◆ **Task statement**: Transcribe the listing exactly, skipping every picture.

◆ **Materials provided**:
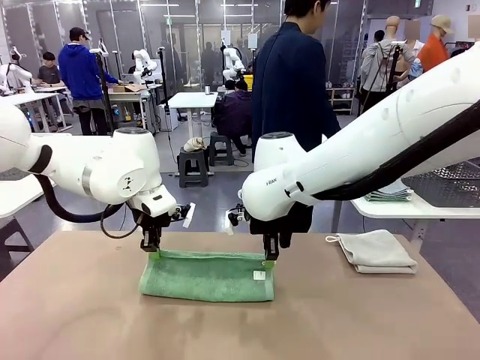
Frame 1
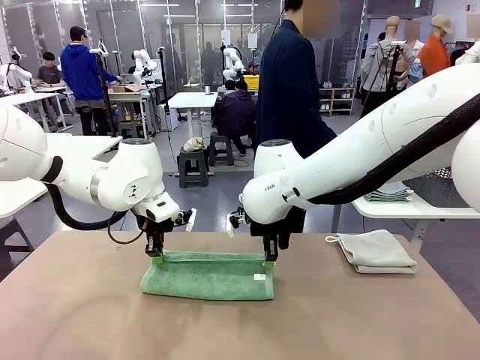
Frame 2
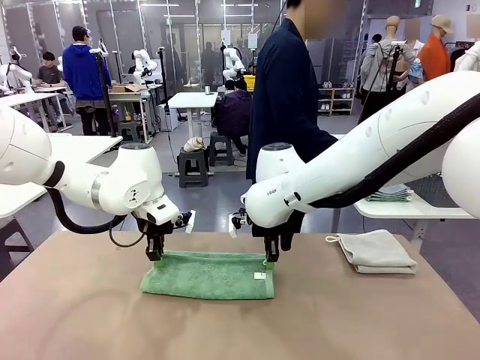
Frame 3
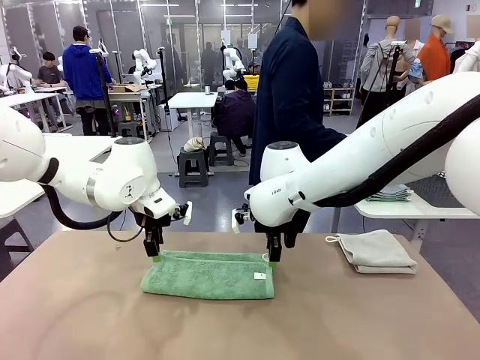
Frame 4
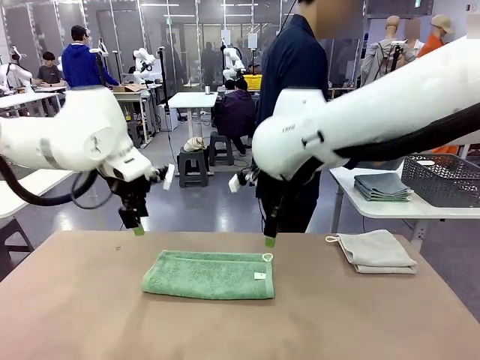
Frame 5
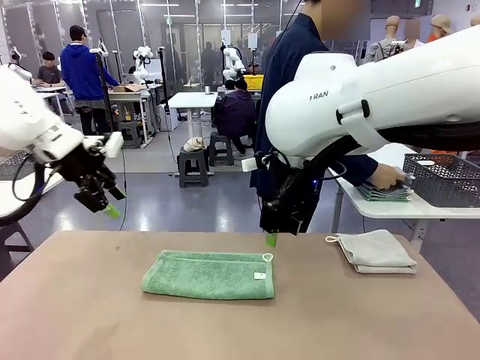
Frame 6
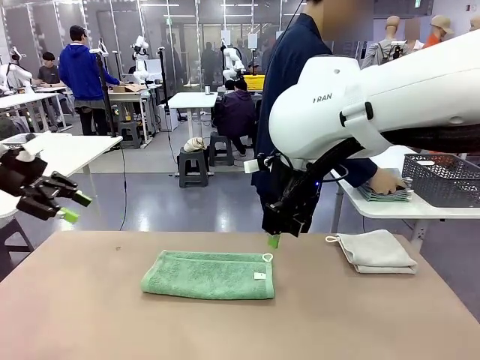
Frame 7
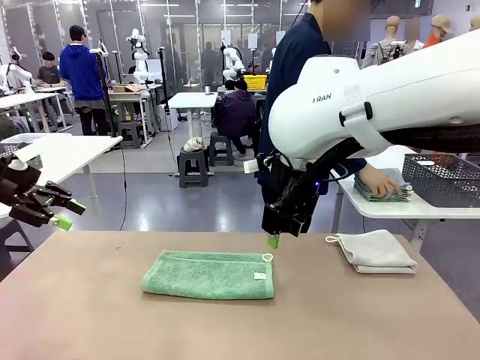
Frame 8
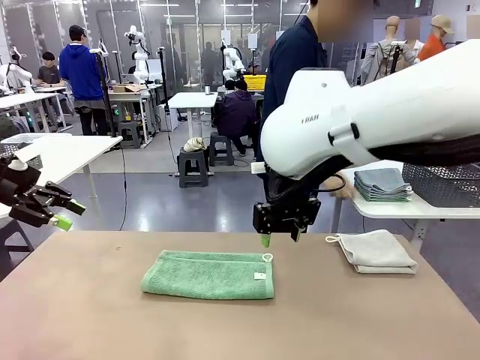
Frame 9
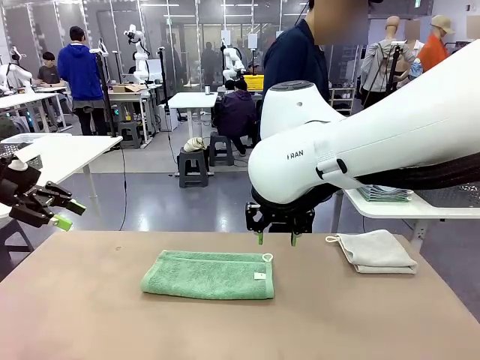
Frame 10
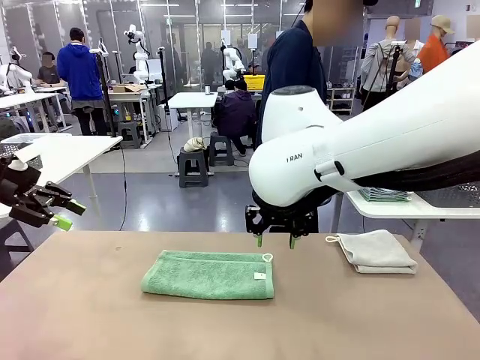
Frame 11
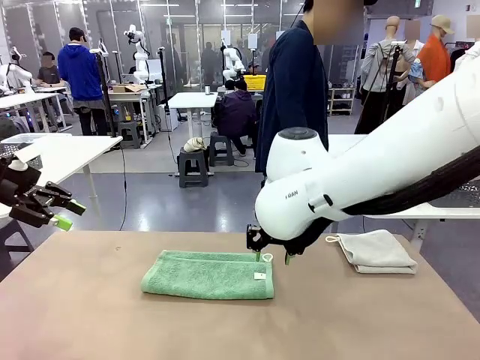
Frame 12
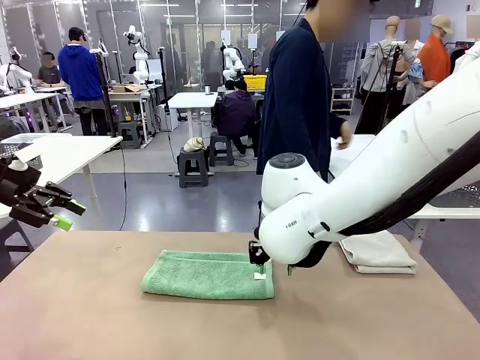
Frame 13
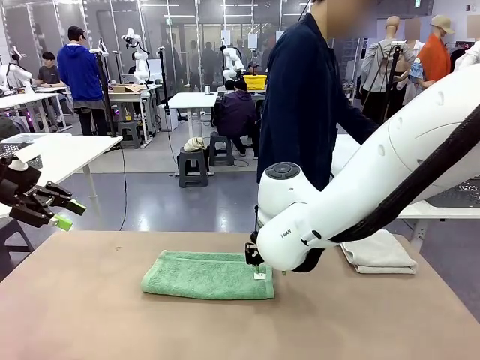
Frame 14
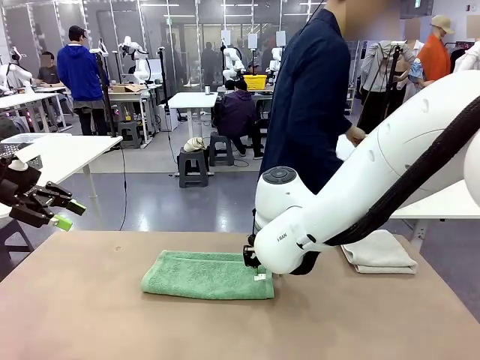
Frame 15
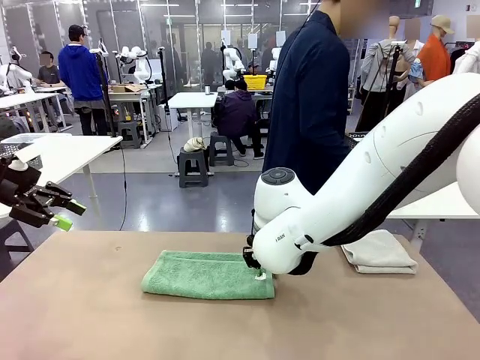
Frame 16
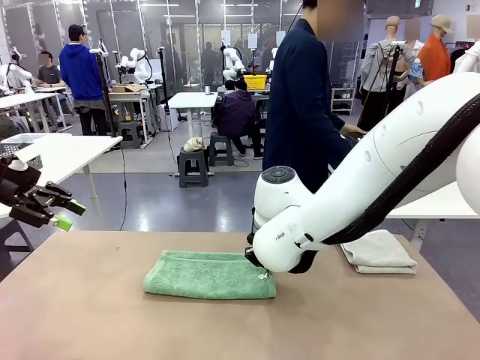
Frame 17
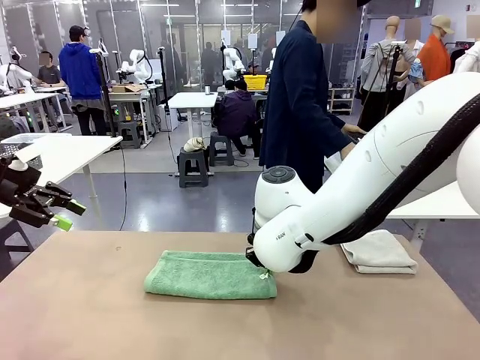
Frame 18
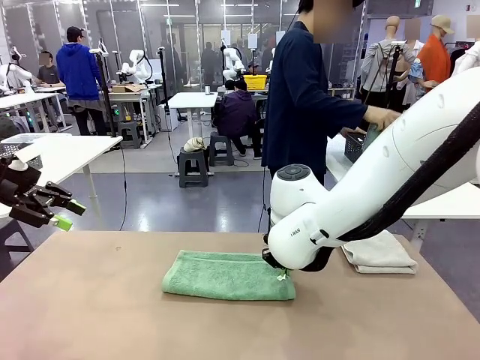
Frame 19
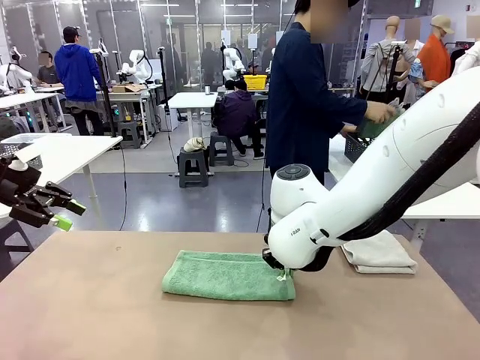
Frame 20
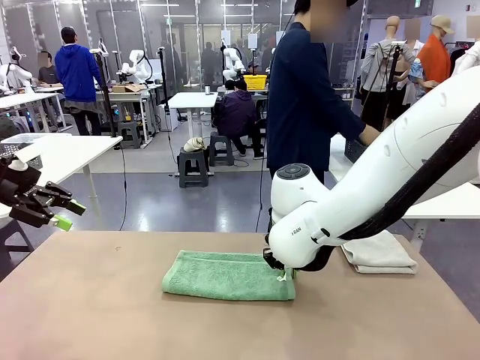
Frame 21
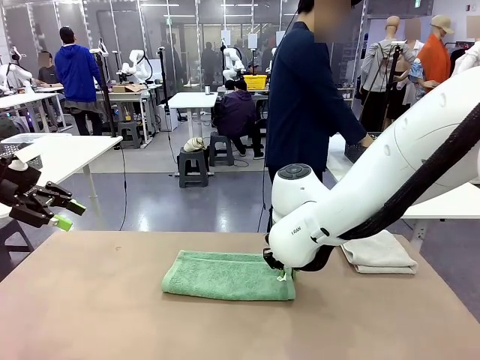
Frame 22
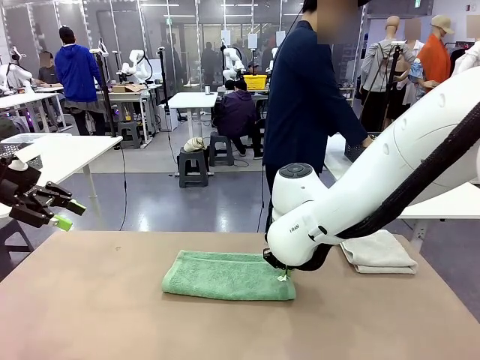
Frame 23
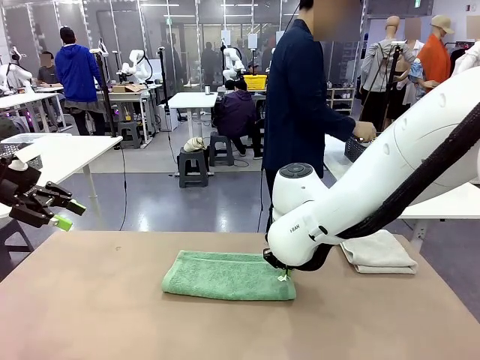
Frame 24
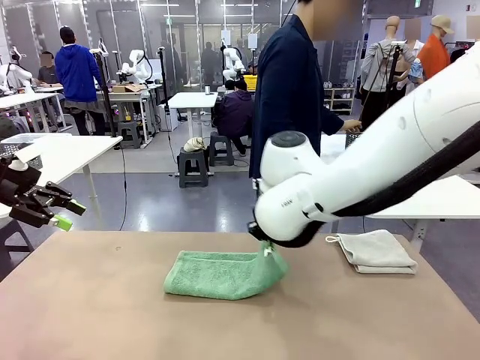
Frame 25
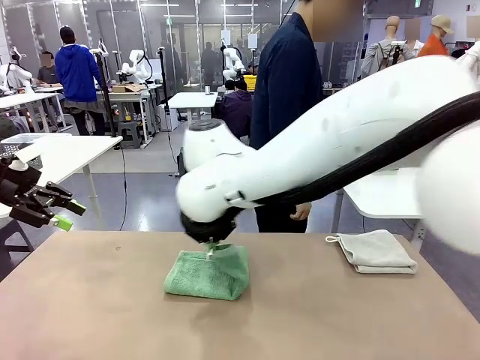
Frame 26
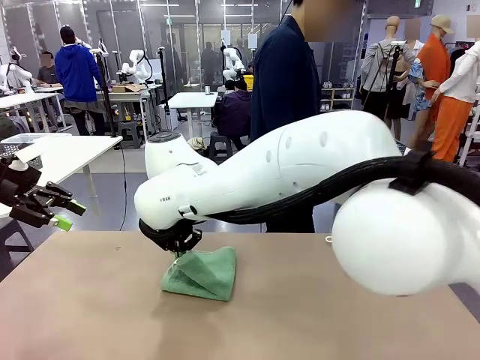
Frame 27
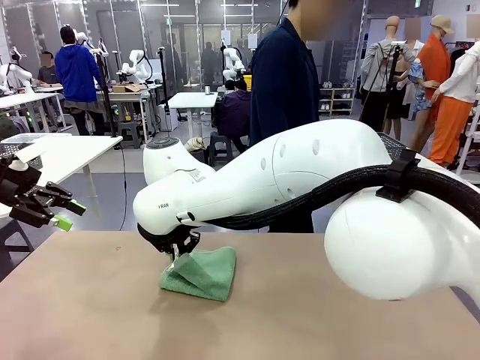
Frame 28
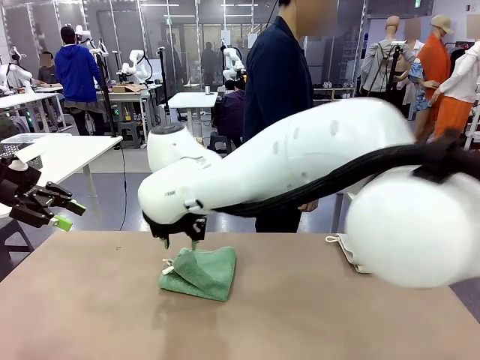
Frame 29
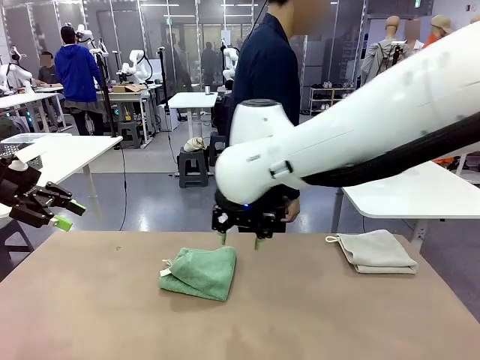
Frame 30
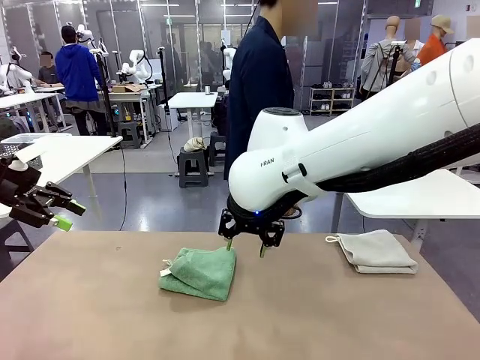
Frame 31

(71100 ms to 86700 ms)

◆ **Exercise response**:
Frame 1
Frame 2
Frame 3
Frame 4
Frame 5
Frame 6
Frame 7
Frame 8
Frame 9
Frame 10
Frame 11
Frame 12
Frame 13
Frame 14
Frame 15
Frame 16
Frame 17
Frame 18
Frame 19
Frame 20
Frame 21
Frame 22
Frame 23
Frame 24
Frame 25
Frame 26
Frame 27
Frame 28
Frame 29
Frame 30
Frame 31

(71100 ms to 86700 ms)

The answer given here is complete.